▶ [Entries taken from a collection]:

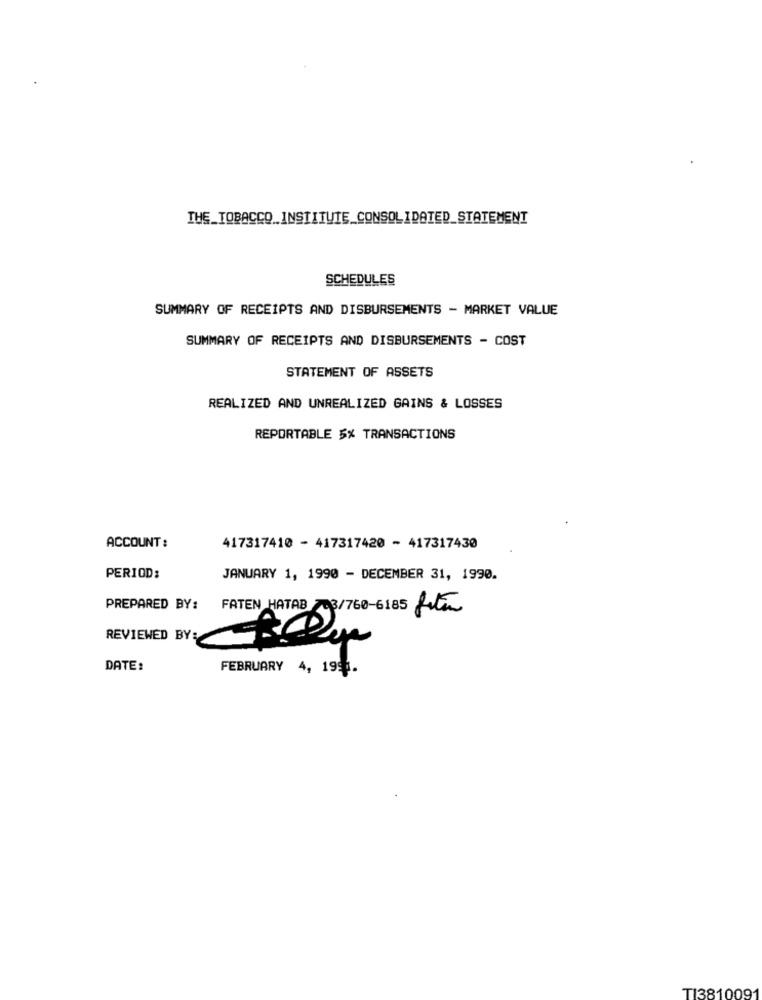
THE TOBACCO INSTITUTE CONSOLIDATED_STATEMENT
SCHEDULES
SUMMARY OF RECEIPTS AND DISBURSEMENTS - MARKET VALUE
SUMMARY OF RECEIPTS AND DISBURSEMENTS - COST
STATEMENT OF ASSETS
REALIZED AND UNREALIZED GAINS & LOSSES
REPORTABLE 5% TRANSACTIONS
ACCOUNT :
417317410 - 417317420 - 417317430
PERIOD:
JANUARY 1, 1990 - DECEMBER 31, 1990.
PREPARED BY: FATEN HATAB 793/760-6185 Liter
REVIEWED BY: CBDen
DATE:
FEBRUARY 4, 1991.
TI3810091
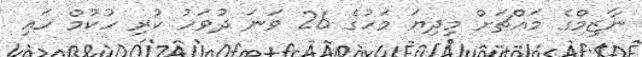
ނާޒިމްގެ މައްޗަށް މިދިޔަ މަހުގެ 26 ވަނަ ދުވަހު ކުރި ހުކުމް ހައި
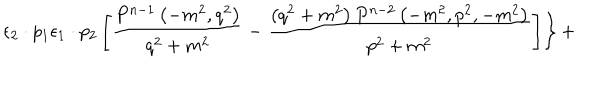
\left. { { \epsilon } _ { 2 } \cdot p _ { 1 } { \epsilon } _ { 1 } \cdot p _ { 2 } \left[ \frac { P ^ { n - 1 } \left( - m ^ { 2 } , q ^ { 2 } \right) } { q ^ { 2 } + m ^ { 2 } } - \frac { \left( q ^ { 2 } + m ^ { 2 } \right) P ^ { n - 2 } \left( - m ^ { 2 } , p ^ { 2 } , - m ^ { 2 } \right) } { p ^ { 2 } + m ^ { 2 } } \right] } \right\} +
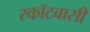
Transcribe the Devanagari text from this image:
स्कॉटवासी
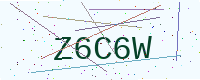
Text: Z6C6W
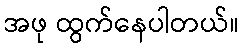
အဖု ထွက်နေပါတယ်။
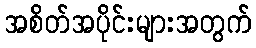
အစိတ်အပိုင်းများအတွက်
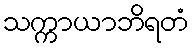
သက္ကာယာဘိရတံ
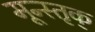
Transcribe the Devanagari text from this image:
मून्स्तृक्
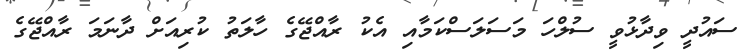
ސައުދީ ވިދާޅުވީ ސުލްހަ މަސަލަސްކަމާއި އެކު ރާއްޖޭގެ ހާލަތު ކުރިއަށް ދާނަމަ ރާއްޖޭގެ
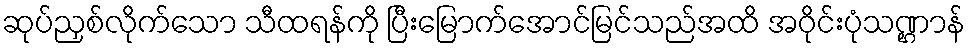
ဆုပ်ညှစ်လိုက်သော သီထရန်ကို ပြီးမြောက်အောင်မြင်သည်အထိ အဝိုင်းပုံသဏ္ဌာန်
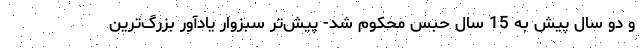
و دو سال پیش به 15 سال حبس محکوم شد- پیش‌تر سبزوار یادآور بزرگ‌ترین
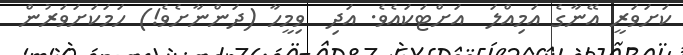
ކަށަވަރީ އޭނާގެ އަމިއްލަ  އަށްޓަކައެވެ. އަދި  ވިމީހާ (ދަންނާށެވެ!) ހަމަކަށަވަރުން
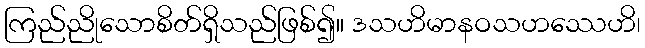
ကြည်ညိုသောစိတ်ရှိသည်ဖြစ်၍။ ဒသဟိမာနဝသဟဿေဟိ၊
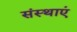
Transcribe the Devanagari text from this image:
संस्थाएं
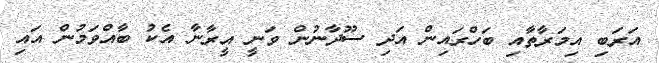
އަރަބި އިމަރާތާއި ބަހްރައިން އަދި ސޫދާނުން ވަނީ އީރާނާ އެކު ބާއްވަމުން އައި
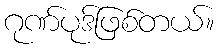
ဂုဏ်ပုဒ်ဖြစ်တယ်။
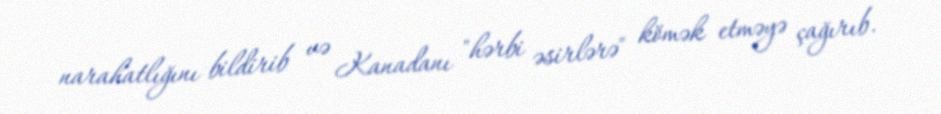
narahatlığını bildirib və Kanadanı "hərbi əsirlərə" kömək etməyə çağırıb.
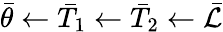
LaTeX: \bar{\theta}\leftarrow\bar{T}_{1}\leftarrow\bar{T}_{2}\leftarrow\bar{\mathcal{L}}
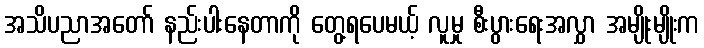
အသိပညာအတော် နည်းပါးနေတာကို တွေ့ရပေမယ့် လူမှု စီးပွားရေးအလွှာ အမျိုးမျိုးက
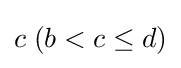
c\;(b<c\leq d)
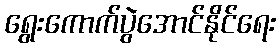
ရွေးကောက်ပွဲအောင်နိုင်ရေး
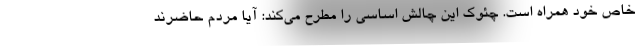
خاص خود همراه است. چئوک این چالش اساسی را مطرح می‌کند: آیا مردم حاضرند
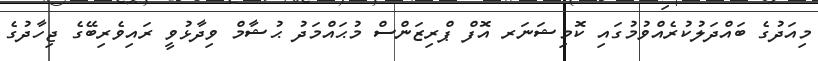
މިއަދުގެ ބައްދަލުކުރެއްވުމުގައި ކޮމިޝަނަރ އޮފް ޕްރިޒަންސް މުޙައްމަދު ޙުޝާމް ވިދާޅުވީ ރައިވެރިބޭގެ ޖިހާދުގެ
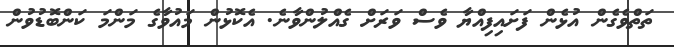
ތަތްވެގެން އުޅެން ފަށައިފިއްޔާ ވެސް ވަރަށް ގެއްލުންވާނެ. އެކޮޅުން މައުވާގެ މަންމަ ކަންބޮޑުވުން
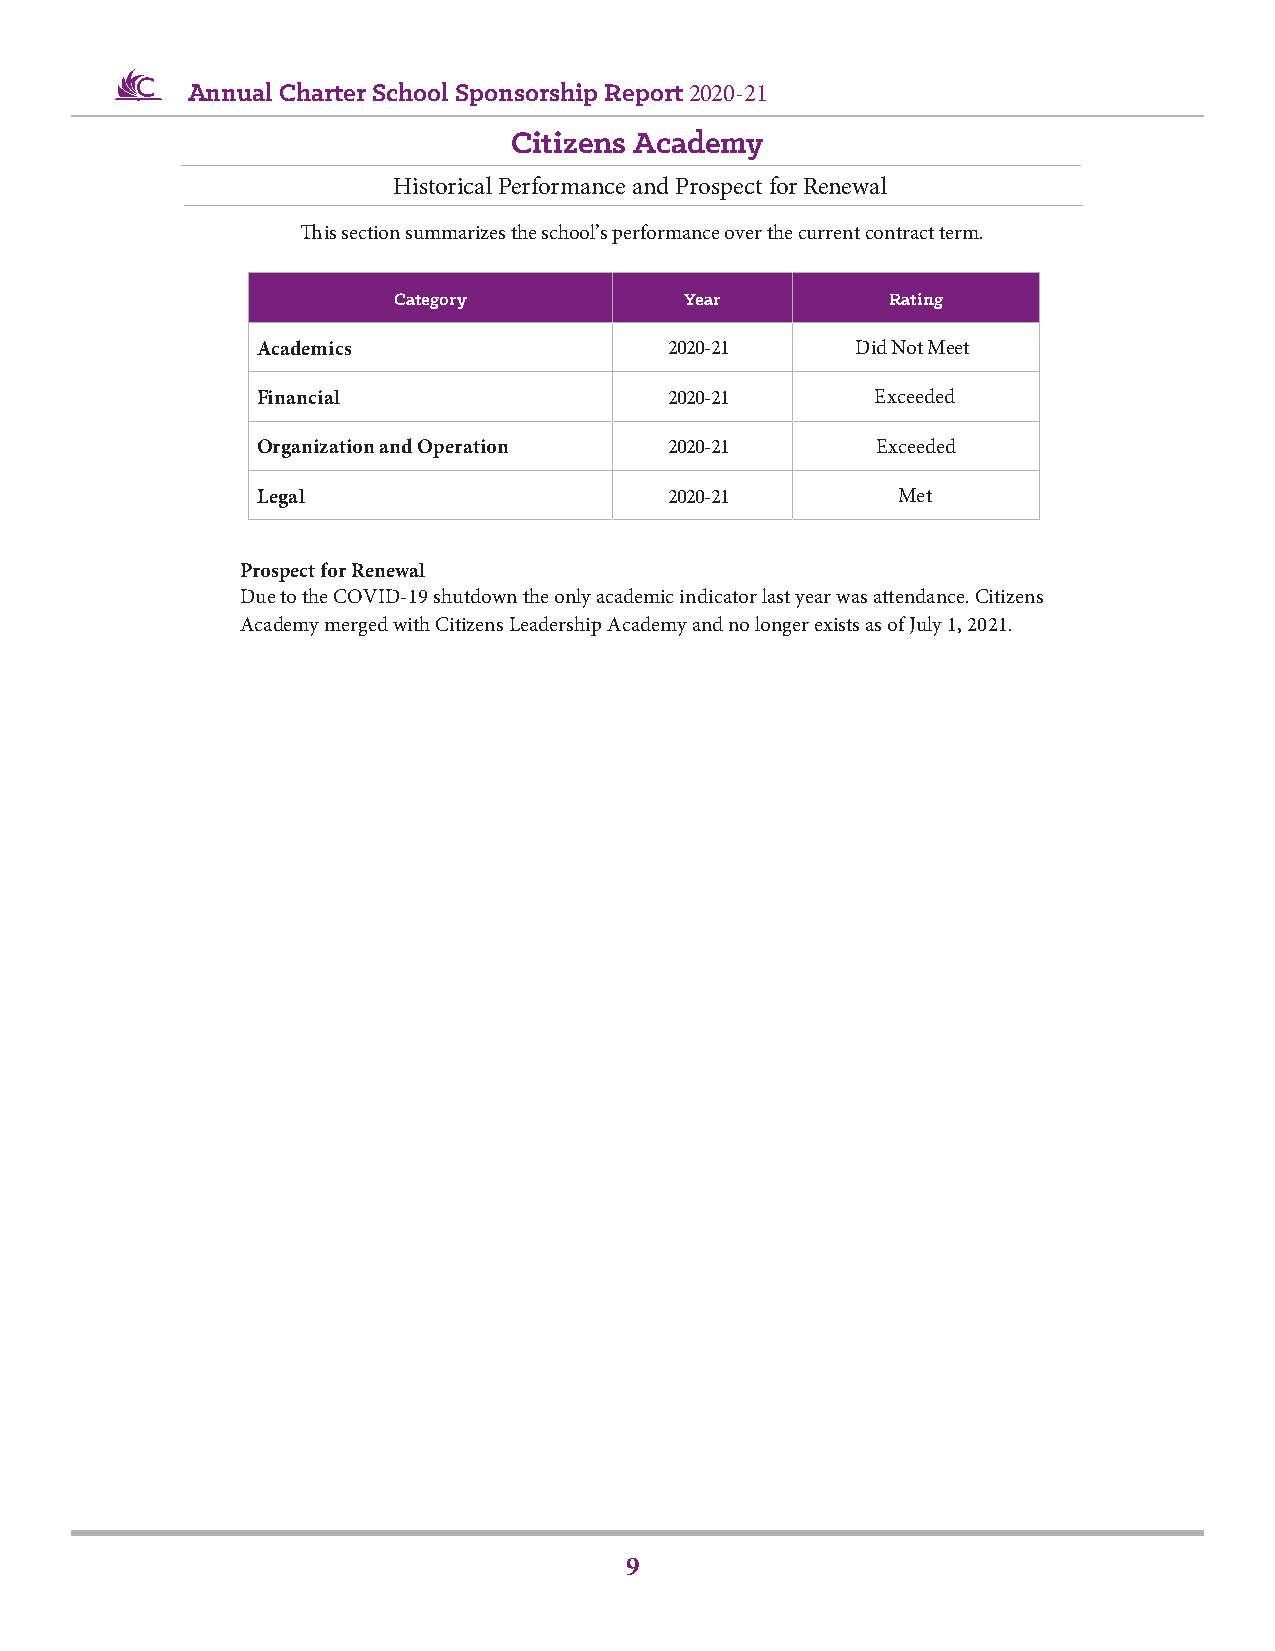
Annual Charter School Sponsorship Report 2020-21
 Citizens Academy
 Historical Performance and Prospect for Renewal
 This section summarizes the school’s performance over the current contract term.
 Category           Year          Rating
 Academics                  2020-21      Did Not Meet
 Financial                  2020-21       Exceeded
 Organization and Operation 2020-21       Exceeded
 Legal                      2020-21        Met
 Prospect for Renewal
 Due to the COVID-19 shutdown the only academic indicator last year was attendance. Citizens
 Academy merged with Citizens Leadership Academy and no longer exists as of July 1, 2021.
 9
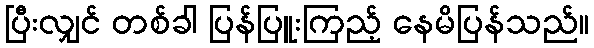
ပြီးလျှင် တစ်ခါ ပြန်ပြူးကြည့် နေမိပြန်သည်။
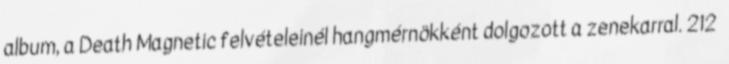
album, a Death Magnetic felvételeinél hangmérnökként dolgozott a zenekarral. 212
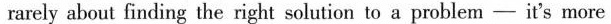
rarely about finding the right solution to a problem- it's more
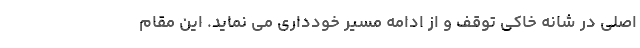
اصلی در شانه خاکی توقف و از ادامه مسیر خودداری می نماید. این مقام
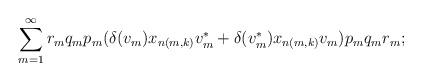
LaTeX: \begin{align*}\sum_{m=1}^\infty r_mq_mp_m(\delta(v_m)x_{n(m,k)}v_m^*+\delta(v_m^*)x_{n(m,k)}v_m)p_mq_mr_m; \end{align*}
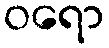
ဝရော
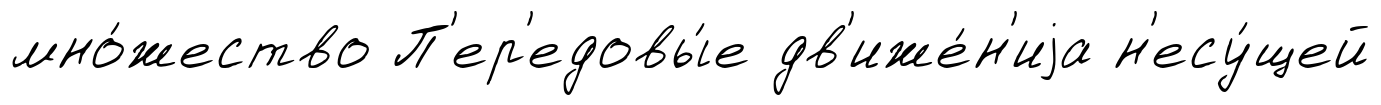
мно́жество П'ер'едовы́е дв'иже́н'иjа н'есу́щей
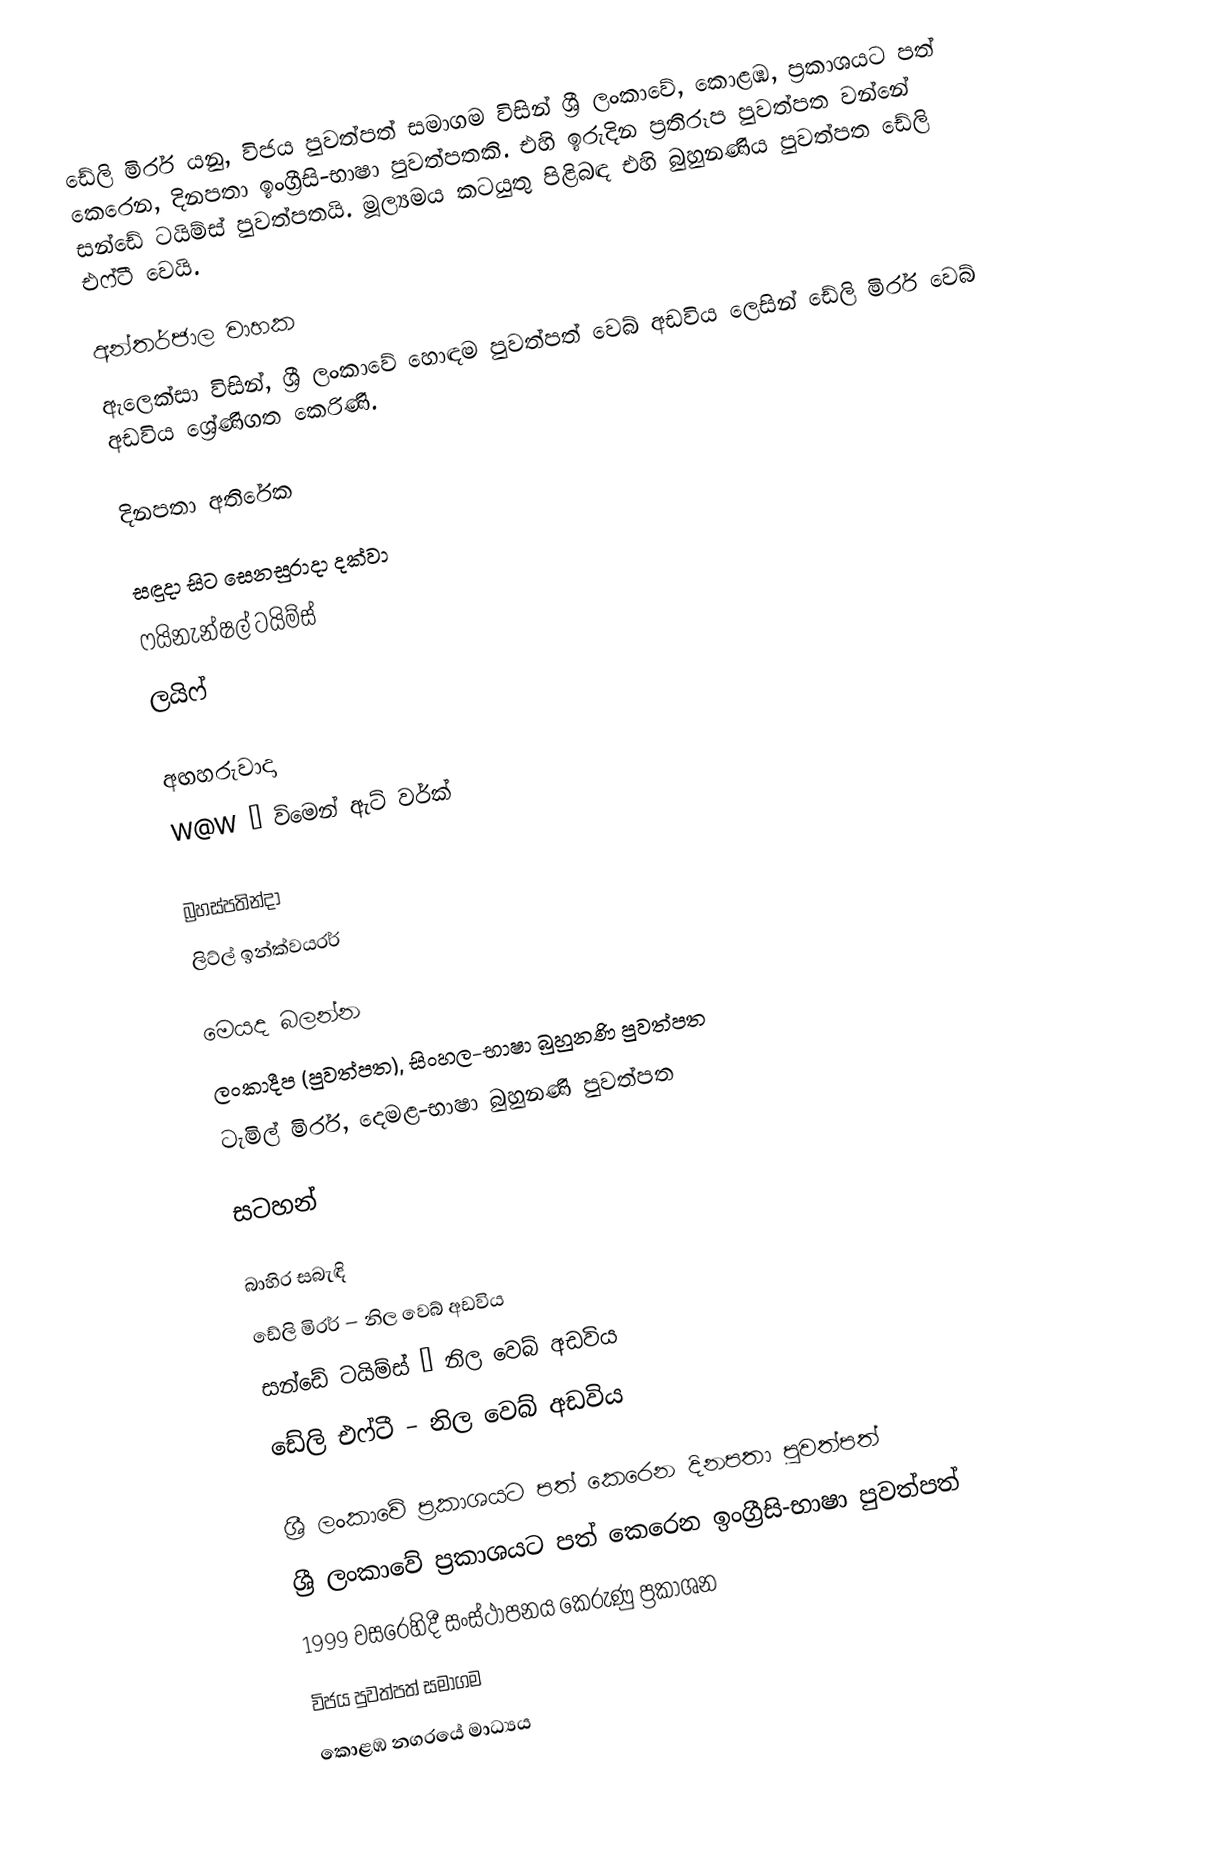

▶ [What to work on]:
In the records above, find the line with "ဆုပ်ညှစ်လိုက်သော သီထရန်ကို ပြီးမြောက်အောင်မြင်သည်အထိ" and the line with "ကြည်ညိုသောစိတ်", then restate word for word only those two lines and all lines between, omitting pictures.

▶ [The completed task]:
ဆုပ်ညှစ်လိုက်သော သီထရန်ကို ပြီးမြောက်အောင်မြင်သည်အထိ အဝိုင်းပုံသဏ္ဌာန်
و دو سال پیش به 15 سال حبس محکوم شد- پیش‌تر سبزوار یادآور بزرگ‌ترین
ކަށަވަރީ އޭނާގެ އަމިއްލަ  އަށްޓަކައެވެ. އަދި  ވިމީހާ (ދަންނާށެވެ!) ހަމަކަށަވަރުން
ကြည်ညိုသောစိတ်ရှိသည်ဖြစ်၍။ ဒသဟိမာနဝသဟဿေဟိ၊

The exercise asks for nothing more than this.